Hi Ron,
Now that I’m back from China, I was able to spend a bit more time on this.
I wrote a small reproducer and determined that issue was a change in behavior in 18.7 where F2003 allocatable semantics were made the default. You can work around the issue by reverting to F95 semantics via the flag “-Mallocatable=95”.
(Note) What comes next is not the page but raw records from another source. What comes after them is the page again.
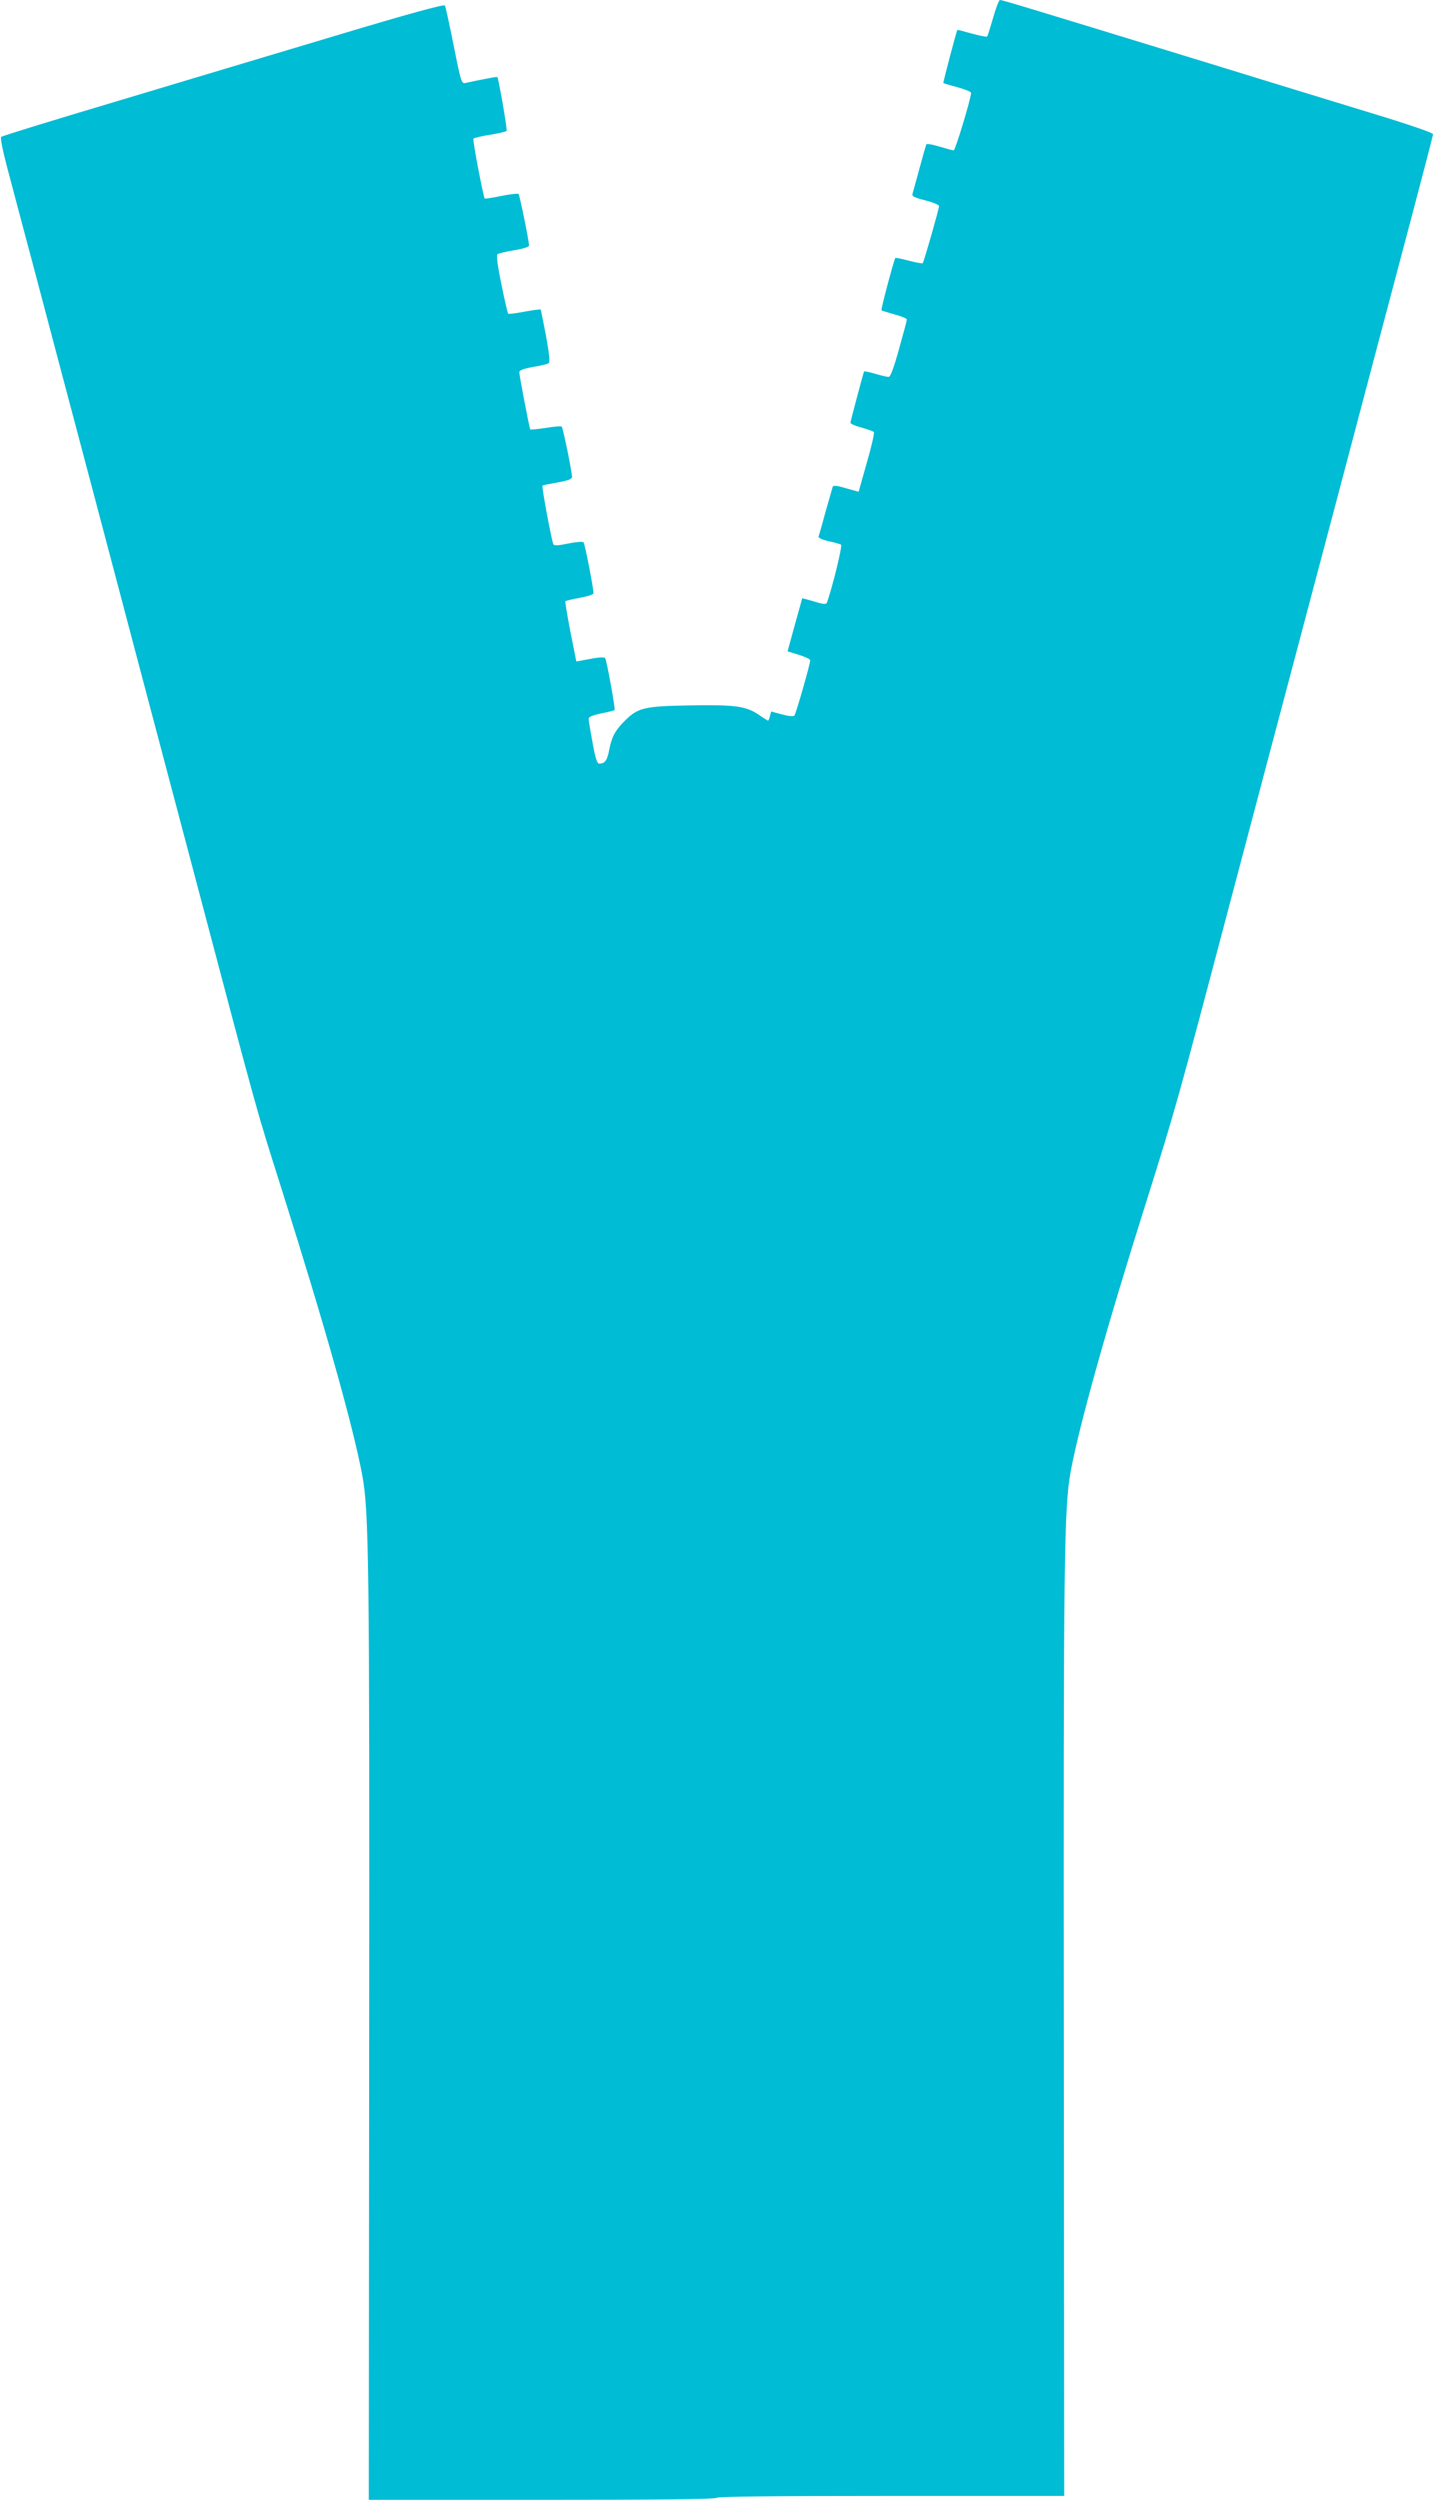 <?xml version="1.0" standalone="no"?>
<!DOCTYPE svg PUBLIC "-//W3C//DTD SVG 20010904//EN"
 "http://www.w3.org/TR/2001/REC-SVG-20010904/DTD/svg10.dtd">
<svg version="1.0" xmlns="http://www.w3.org/2000/svg"
 width="734pt" height="1280pt" viewBox="0 0 734 1280"
 preserveAspectRatio="xMidYMid meet">
<g transform="translate(0,1280) scale(0.1,-0.1)"
fill="#00bcd4" stroke="none">
<path d="M5087 12709 c-15 -51 -28 -94 -31 -96 -2 -3 -37 4 -78 15 -40 11 -73
20 -74 19 -5 -5 -74 -270 -72 -272 2 -2 35 -12 73 -22 39 -11 70 -23 69 -29
-3 -38 -81 -294 -89 -294 -5 0 -38 9 -72 19 -35 11 -65 16 -68 12 -2 -4 -18
-59 -35 -122 -17 -63 -33 -121 -36 -131 -4 -13 9 -20 66 -34 38 -10 70 -23 70
-29 0 -14 -78 -287 -84 -293 -3 -2 -35 4 -71 13 -36 10 -67 16 -69 14 -7 -9
-75 -264 -71 -268 2 -2 33 -11 67 -21 35 -9 63 -21 63 -26 0 -5 -18 -73 -40
-151 -26 -94 -44 -143 -53 -143 -8 0 -39 7 -69 16 -30 9 -56 14 -57 12 -3 -4
-68 -249 -70 -262 0 -6 25 -17 56 -25 31 -9 60 -19 64 -23 4 -4 -12 -75 -36
-157 l-42 -149 -65 18 c-47 14 -65 16 -68 7 -2 -7 -18 -63 -36 -126 -17 -63
-33 -120 -36 -127 -3 -8 14 -16 50 -25 31 -6 60 -15 65 -18 8 -5 -45 -222 -73
-298 -3 -8 -20 -7 -64 7 -34 10 -61 17 -62 17 0 -1 -17 -63 -38 -137 l-37
-135 58 -18 c32 -10 58 -22 58 -28 0 -19 -73 -274 -81 -283 -5 -6 -30 -3 -64
6 l-55 15 -6 -23 c-3 -13 -8 -24 -10 -24 -1 0 -23 13 -47 30 -67 45 -122 52
-355 48 -233 -4 -265 -11 -335 -82 -46 -46 -65 -82 -77 -148 -10 -52 -22 -68
-50 -68 -12 0 -20 26 -35 108 -11 59 -20 114 -20 122 0 9 21 18 64 27 36 7 66
15 69 17 5 5 -40 252 -48 266 -4 6 -32 5 -77 -4 l-71 -13 -30 151 c-16 83 -28
154 -26 157 1 3 35 11 74 18 38 7 70 17 70 23 0 26 -44 254 -51 261 -4 5 -39
2 -79 -6 -52 -11 -73 -12 -76 -3 -11 31 -61 297 -55 300 3 2 39 9 79 16 54 10
72 17 72 29 -1 28 -46 251 -53 257 -3 3 -40 0 -81 -7 -42 -6 -78 -10 -80 -8
-4 6 -56 275 -56 293 0 10 21 18 69 27 38 6 75 15 81 19 8 5 4 44 -13 139 -14
73 -26 134 -28 136 -2 2 -40 -3 -83 -11 -43 -8 -81 -13 -83 -10 -3 3 -19 71
-35 152 -21 101 -26 149 -19 153 6 4 45 13 86 20 45 7 75 17 75 24 -1 26 -48
258 -54 264 -3 3 -42 -1 -87 -10 -46 -10 -84 -15 -86 -14 -7 7 -63 300 -58
307 3 4 41 13 85 20 44 7 83 16 85 20 4 7 -41 270 -48 276 -2 2 -102 -17 -163
-31 -20 -4 -23 5 -60 191 -21 107 -42 200 -45 206 -5 7 -192 -44 -561 -155
-304 -91 -812 -243 -1128 -338 -316 -94 -579 -175 -584 -180 -5 -5 8 -71 32
-161 22 -84 81 -306 131 -493 49 -187 189 -713 310 -1170 120 -456 353 -1334
516 -1950 344 -1301 313 -1187 448 -1615 225 -712 363 -1204 412 -1460 35
-189 38 -435 36 -2872 l-2 -2378 890 0 c587 0 891 3 891 10 0 7 304 10 891 10
l890 0 -2 2377 c-2 2438 1 2684 36 2873 46 242 184 736 386 1375 150 477 154
490 434 1550 113 429 256 966 316 1193 60 226 159 600 220 830 139 527 259
979 393 1485 58 219 106 403 106 410 0 7 -122 49 -293 101 -160 49 -589 180
-952 292 -839 257 -961 294 -973 294 -5 0 -21 -41 -35 -91z"/>
</g>
</svg>

I added a TPR (#26191) to see if we can get the compiler to optimize away the temp array or if this is part of the F2003 standard (in which case, not much can be done).
-Mat
% cat test.f90
program main
real, dimension(:), allocatable :: rhs_cg,x_cg
integer :: i
allocate(rhs_cg(1024), x_cg(1024))
!$acc enter data create(rhs_cg,x_cg)
do i=1,1024
rhs_cg(i) = real(i+1)
x_cg(i) = real(i)
enddo
!$acc update device(rhs_cg,x_cg)
!$acc kernels default(present)
rhs_cg=rhs_cg-x_cg
!$acc end kernels
!$acc update self(rhs_cg)
print *, rhs_cg(1:10)
deallocate(rhs_cg,x_cg)
end program main
% pgf90 test.f90 -ta=tesla:cc70 -Minfo=accel -V18.7 -fast ; a.out
main:
8, Generating enter data create(x_cg(:),rhs_cg(:))
13, Generating update device(x_cg(:),rhs_cg(:))
15, Generating implicit present(rhs_cg(:),x_cg(1:1024),z_a_0(:))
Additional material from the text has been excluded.